El hombre es para Jung un ser doblemente colectivo: social y arquetípicamente. Cada uno de ellos presenta un aspecto creador y otro destructor; la consciencia colectiva ofrece valores culturales que permiten el trabajo creativo, la diferenciación y adaptación del individuo, pero puede operar colaborando en su masificación. Lo inconsciente proporciona impulsos y símbolos que orientan el crecimiento de la personalidad pero puede desorbitarla y hasta disolverla en las oscuridades de lo inconsciente si el individuo no se hace responsable de su interioridad.

De hecho, la teoría junguiana se opone tanto al colectivismo como al individualismo; ambas son formas de disolución de la identidad.
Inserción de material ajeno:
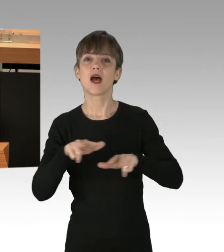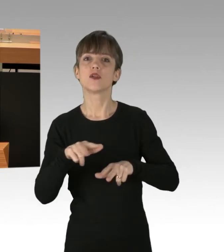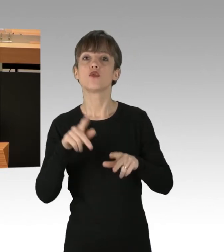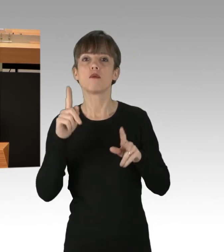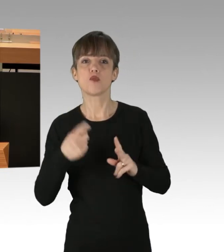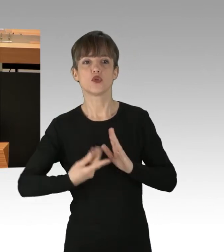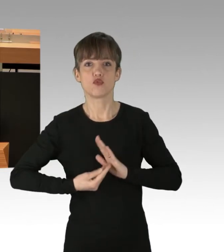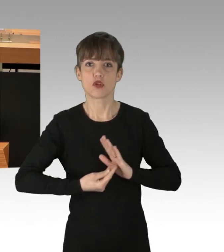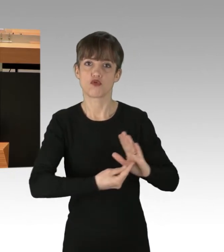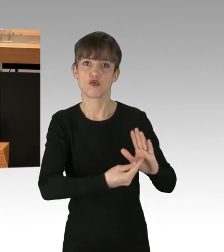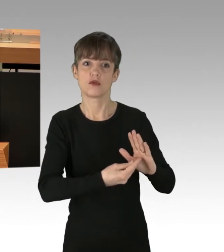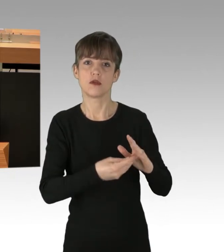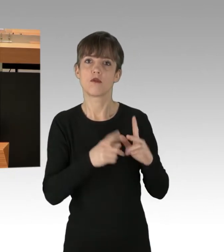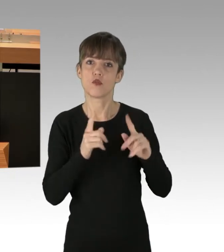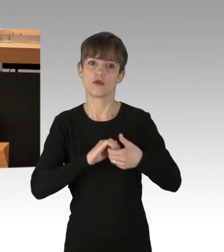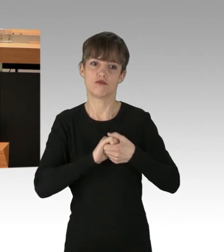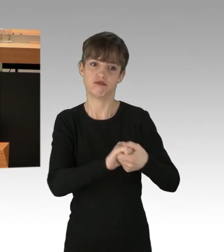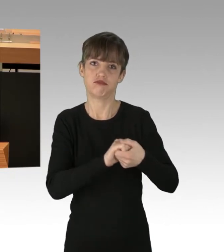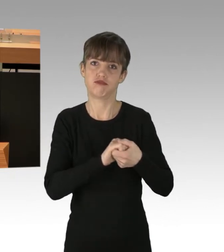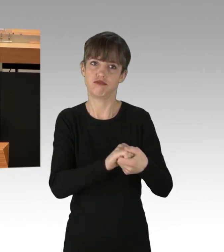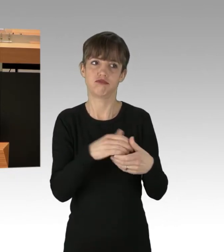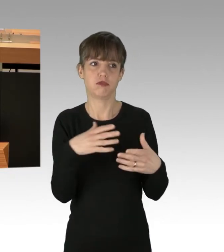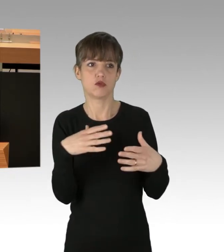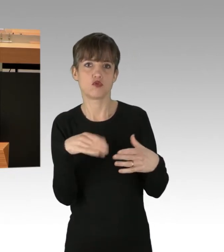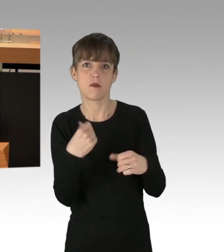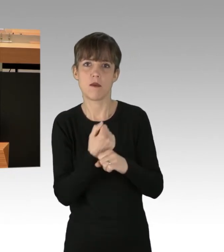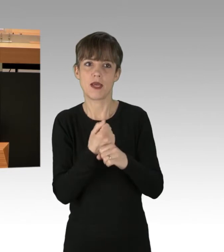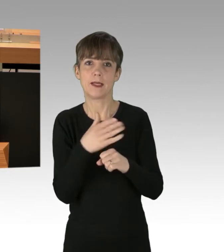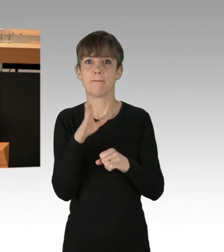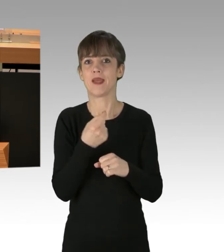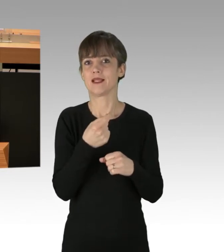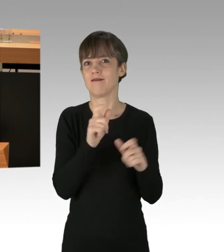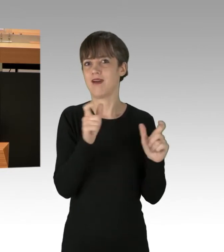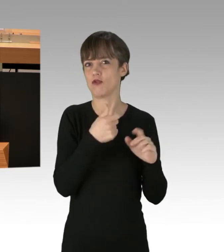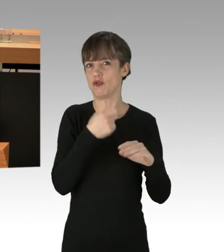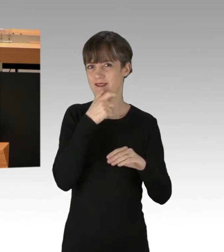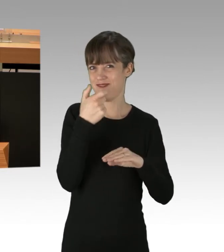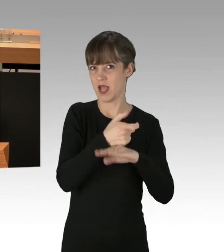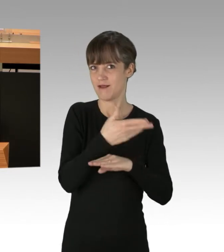und mit den Veranstaltern kooperieren. Die Polizei ist zur Deeskalation verpflichtet, wozu auch ein Konfliktmanagement gehört.

Solo una personalidad sólidamente desarrollada es socialmente fecunda; por el contrario: “… cuanto más pequeña sea la personalidad, tanto más indefinida e inconsciente se torna, hasta confundirse con la sociedad, perdiendo su propio carácter, que se disuelve dentro de la totalidad del grupo. La voz interior es reemplazada entonces por la voz de la sociedad y de sus conveniencias y el destino es sustituido por las necesidades colectivas”.

Todo ello es consecuencia de la moderna hipertrofia que se aboca al desarrollo externo de la personalidad en desmedro del misterio del mundo y del alma. Los “dioses” han desaparecido y se han tornado en fobias y obsesiones, en potencias desorientadoras de lo inconsciente. Por ello, la labor terapéutica –excediendo un abordaje limitadamente psicopatológico– debiera recuperar el sentido del antiguo “cuidado del alma”. En efecto, para Jung su principal interés no residía en el tratamiento de la neurosis sino en el acercamiento a lo sagrado. El ingreso a lo sagrado es la verdadera terapia, pues en la medida en que se llega a la experiencia de lo sagrado, uno se libra del temor a la “enfermedad”.
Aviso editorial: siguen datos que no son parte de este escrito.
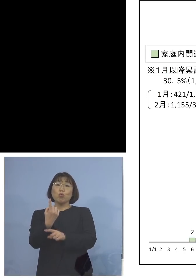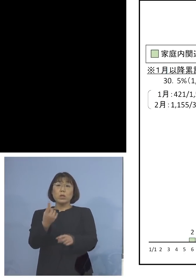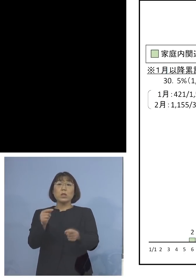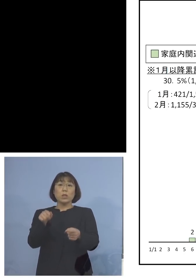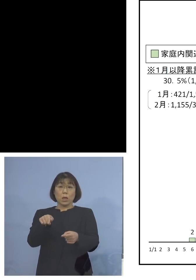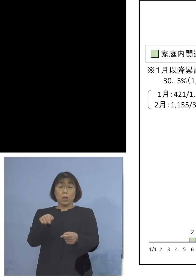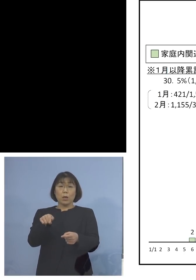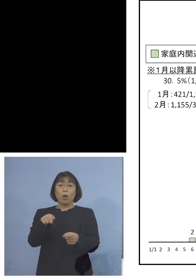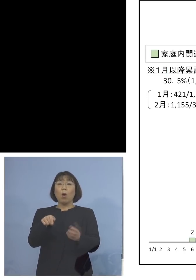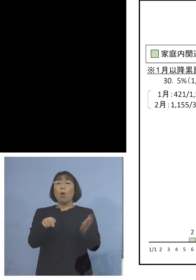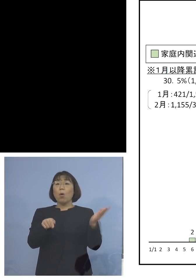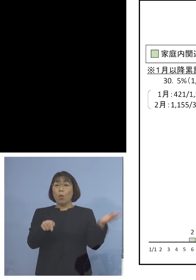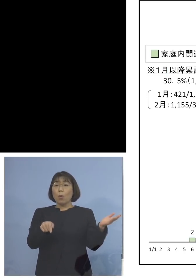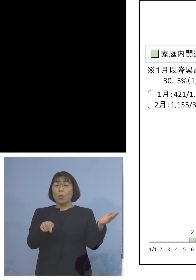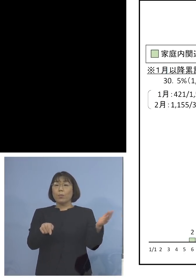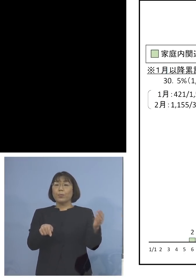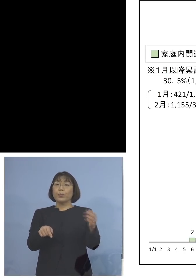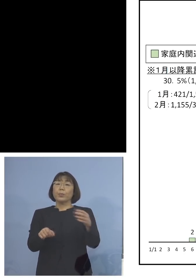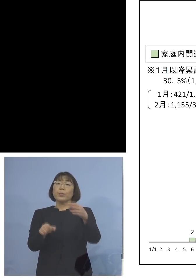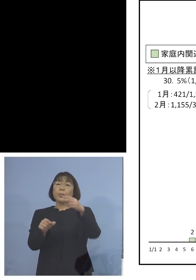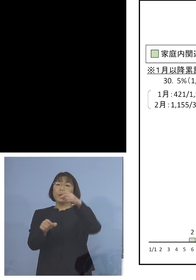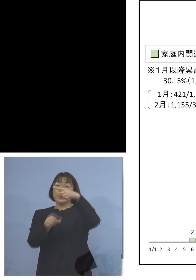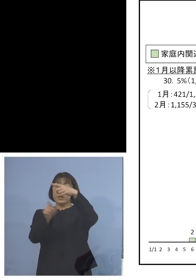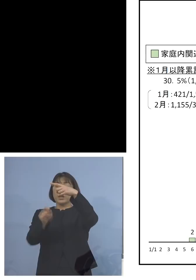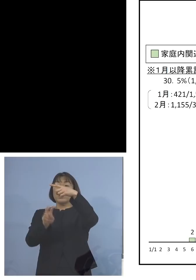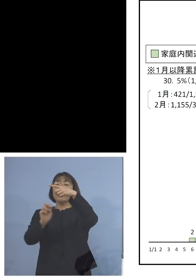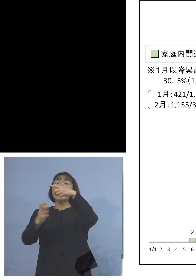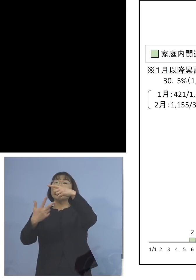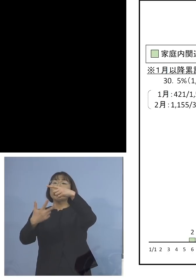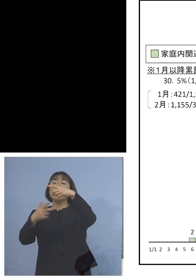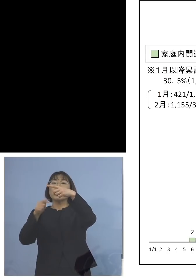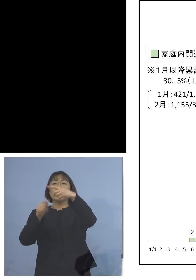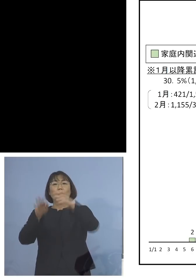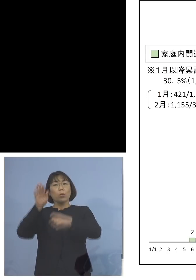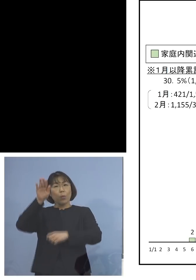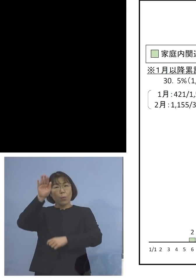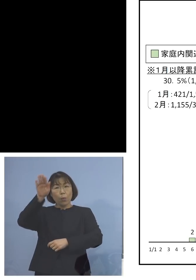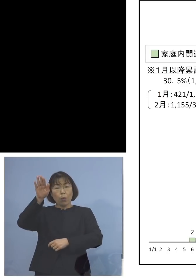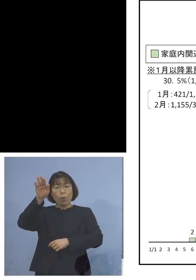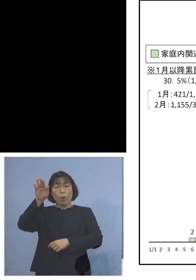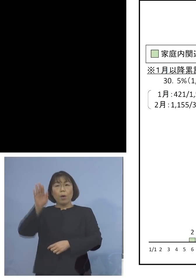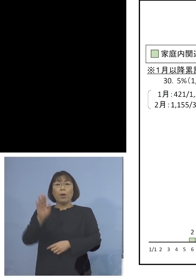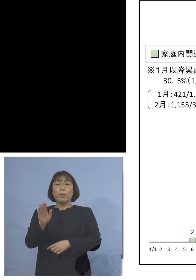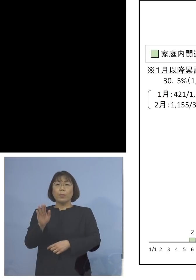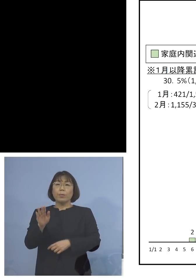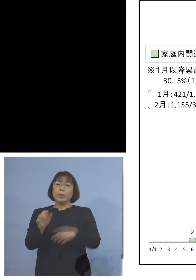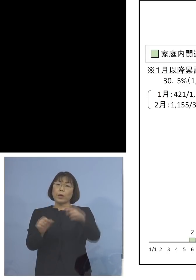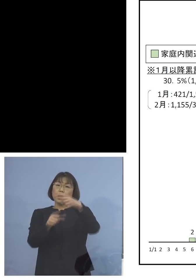これが1月27日ですね ここ以降1つ、30日15名という

Quisiera recordar que la acepción más arcaica del término “religión” parece aludir a la idea de una observancia cuidadosa de la profundidad del alma. Así, la vuelta a la “religiosidad” no implica una adhesión ciega a determinadas creencias, sino fundamentalmente el cultivo silencioso y comprometido de un misterio que yace en la vida interior y exterior. Las tradiciones espirituales están vivas cuando su labor solidaria, sus prácticas, sus ritos y meditaciones, sus lecturas y silencios observantes ayudan a vivir y a sanar en la profundidad de la vida individual, la vida de la comunidad y la vida del mundo.

Jung murió en 1961 preocupado por la desorientación del hombre contemporáneo que aún no ha comprendido la necesidad de esta “religiosidad” de este “cuidado del alma”. En una carta tardía el psicólogo suizo señala que solo se evitará que todos los pueblos se aniquilen entre sí si surge “… un movimiento religioso que abarque todo el mundo, lo único que puede contener el diabólico impulso destructivo”.